Exercise prompt =>
Line by line, the data below should be set down unchanged, with images excluded.

Data for the task =>
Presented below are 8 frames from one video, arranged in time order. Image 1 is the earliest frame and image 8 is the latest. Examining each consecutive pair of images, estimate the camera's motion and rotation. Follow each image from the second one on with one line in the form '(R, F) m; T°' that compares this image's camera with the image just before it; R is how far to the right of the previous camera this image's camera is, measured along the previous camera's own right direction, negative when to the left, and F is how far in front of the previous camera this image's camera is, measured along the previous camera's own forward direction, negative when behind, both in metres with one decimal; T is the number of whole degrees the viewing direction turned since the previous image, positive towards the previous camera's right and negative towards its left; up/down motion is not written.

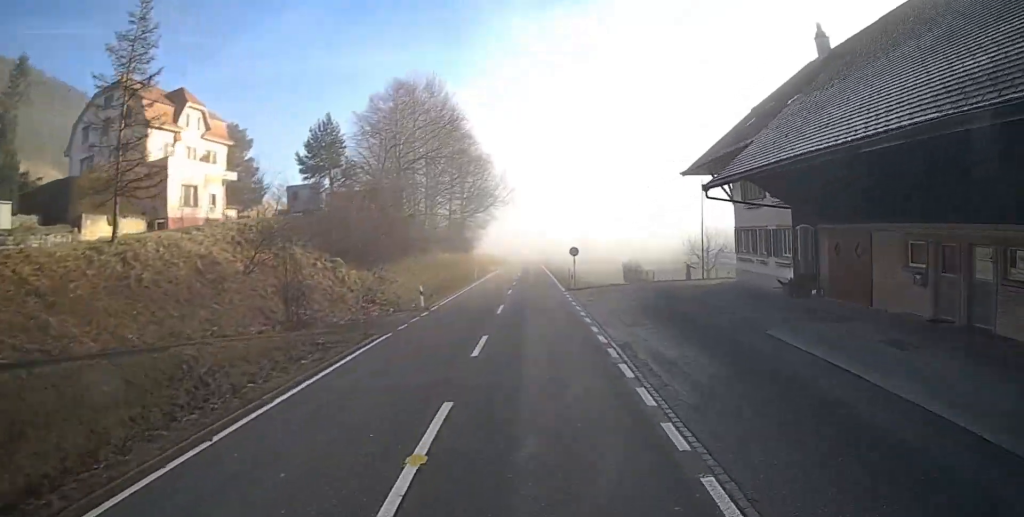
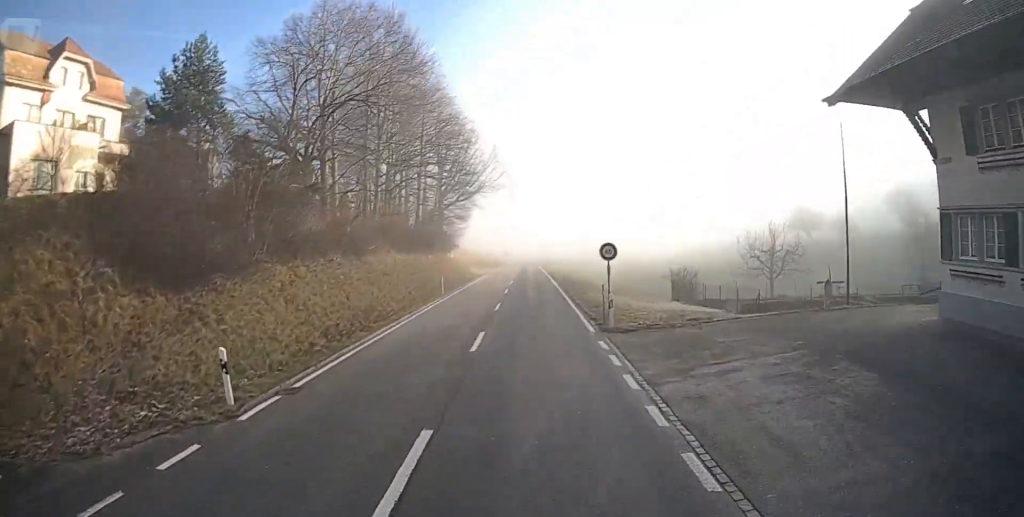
(-0.2, +17.5) m; -1°
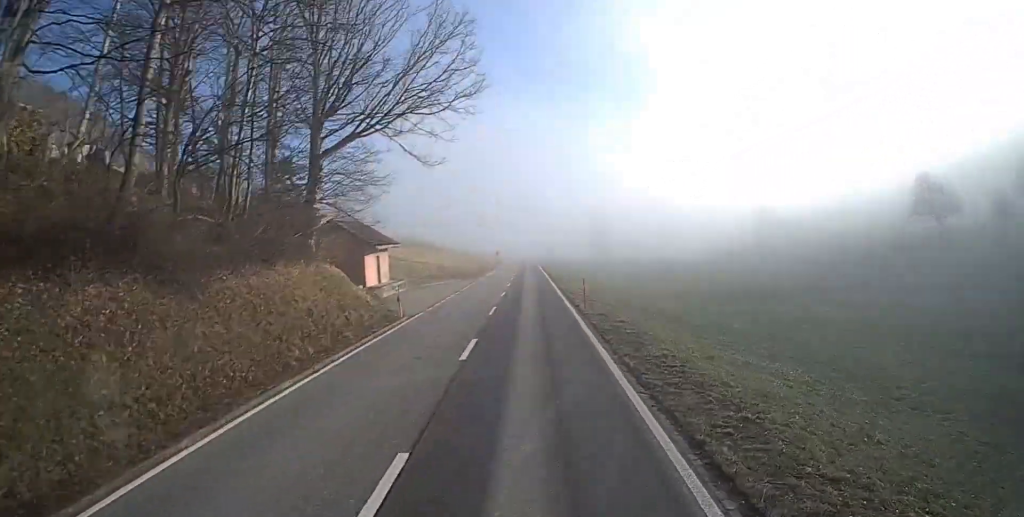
(+0.2, +36.8) m; +1°
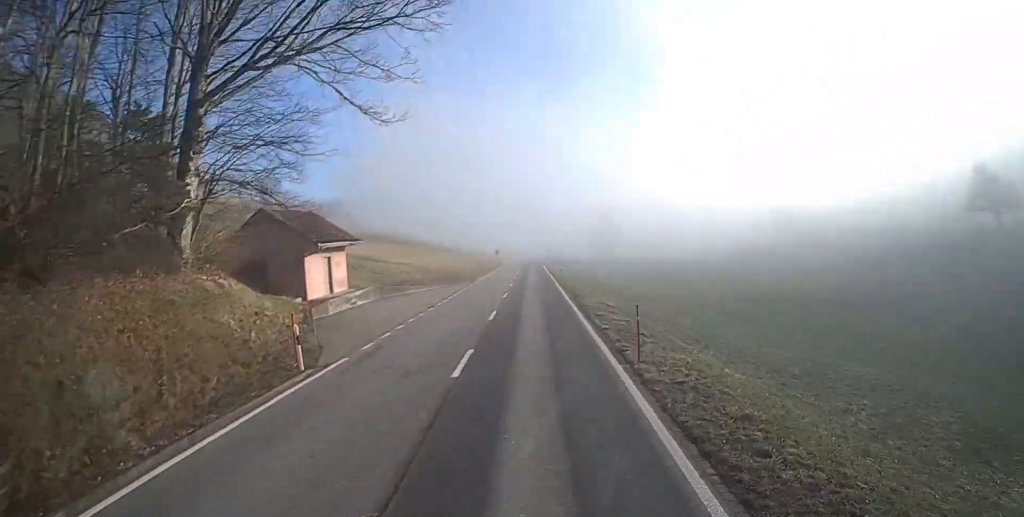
(+0.1, +10.7) m; 0°
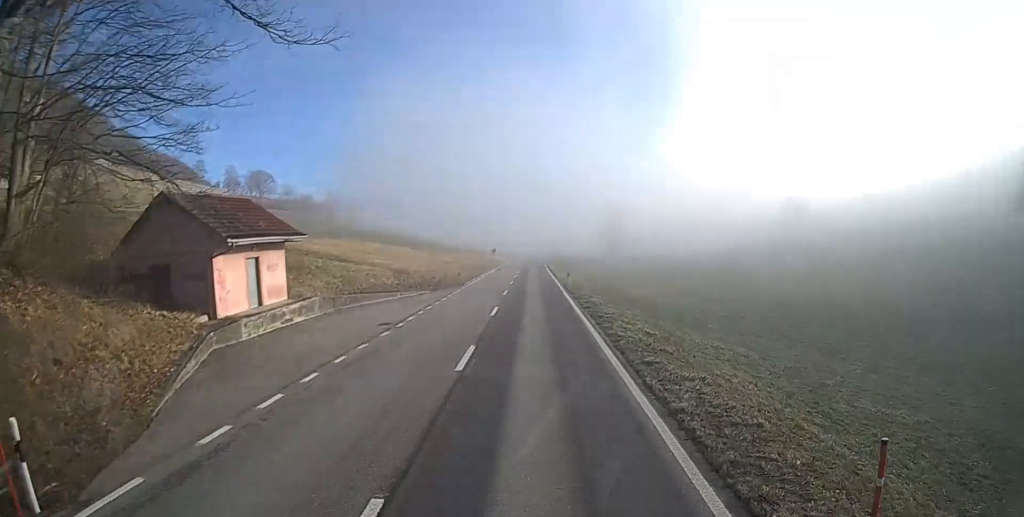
(0.0, +8.5) m; 0°
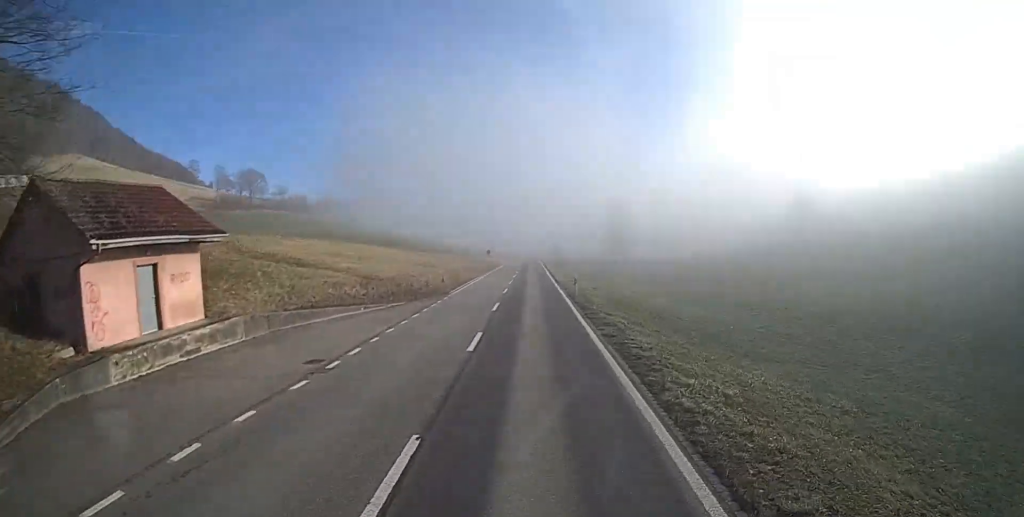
(0.0, +6.8) m; 0°
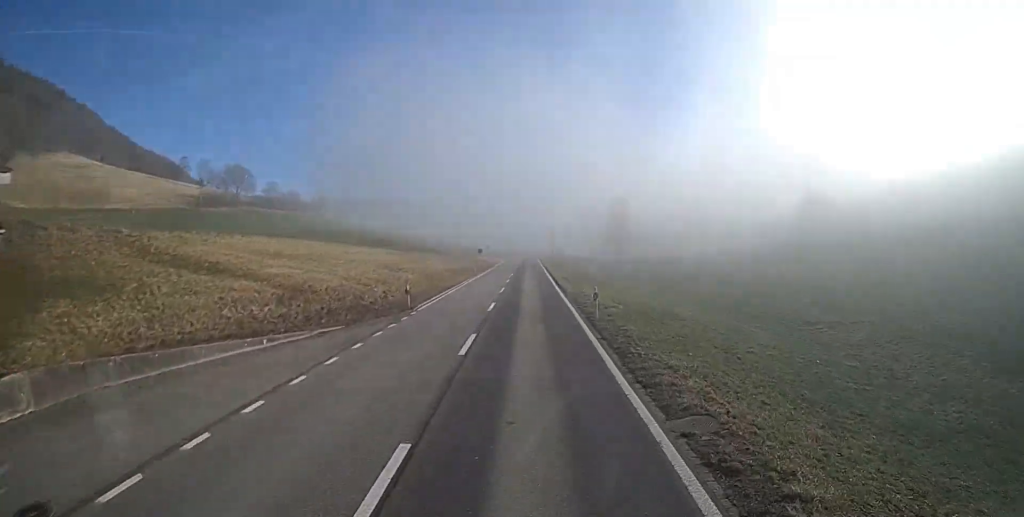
(0.0, +9.7) m; -1°
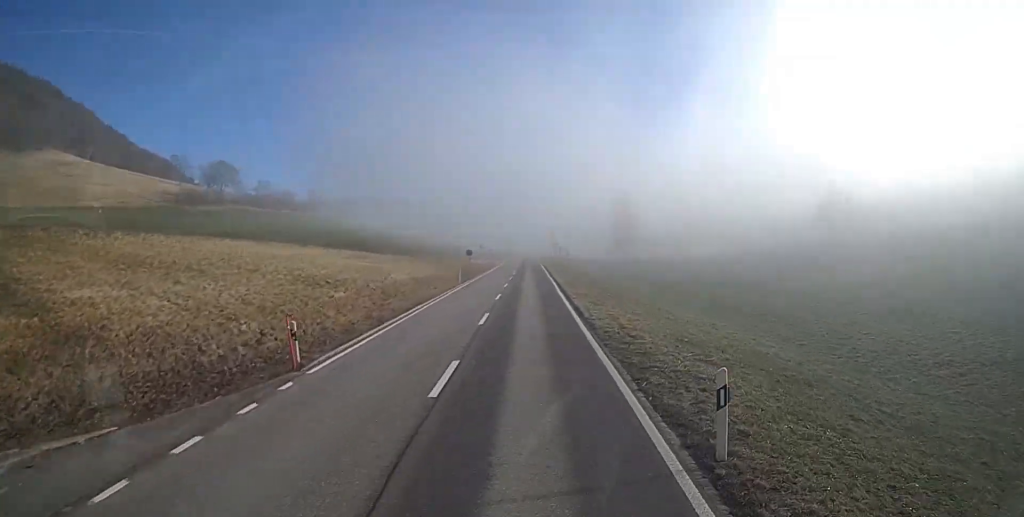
(-0.1, +12.7) m; -1°

Response to the task =>
Presented below are 8 frames from one video, arranged in time order. Image 1 is the earliest frame and image 8 is the latest. Examining each consecutive pair of images, estimate the camera's motion and rotation. Follow each image from the second one on with one line in the form '(R, F) m; T°' that compares this image's camera with the image just before it; R is how far to the right of the previous camera this image's camera is, measured along the previous camera's own right direction, negative when to the left, and F is how far in front of the previous camera this image's camera is, measured along the previous camera's own forward direction, negative when behind, both in metres with one decimal; T is the number of whole degrees the viewing direction turned since the previous image, positive towards the previous camera's right and negative towards its left; up/down motion is not written.

(-0.2, +17.5) m; -1°
(+0.2, +36.8) m; +1°
(+0.1, +10.7) m; 0°
(0.0, +8.5) m; 0°
(0.0, +6.8) m; 0°
(0.0, +9.7) m; -1°
(-0.1, +12.7) m; -1°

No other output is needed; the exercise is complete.